─── Extracted information ───
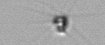
Label: Calciopappus
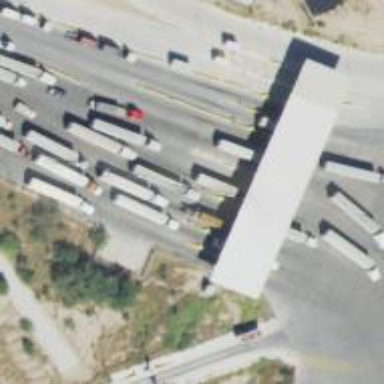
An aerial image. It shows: Border control barrier.
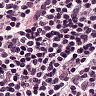
Metastatic tissue present: no
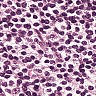
Metastatic tissue present: no
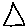
Label: triangle
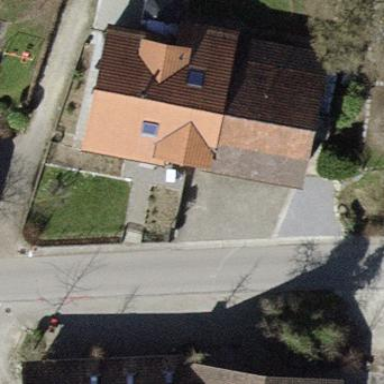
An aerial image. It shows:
───
**What needs to be done**
Please output exactly the lines from the line containing "An aerial image. It shows: Border" through the last line of the records above, both included, and leave out any pictures.

**Solution for this exercise**
An aerial image. It shows: Border control barrier.
Metastatic tissue present: no
Metastatic tissue present: no
Label: triangle
An aerial image. It shows:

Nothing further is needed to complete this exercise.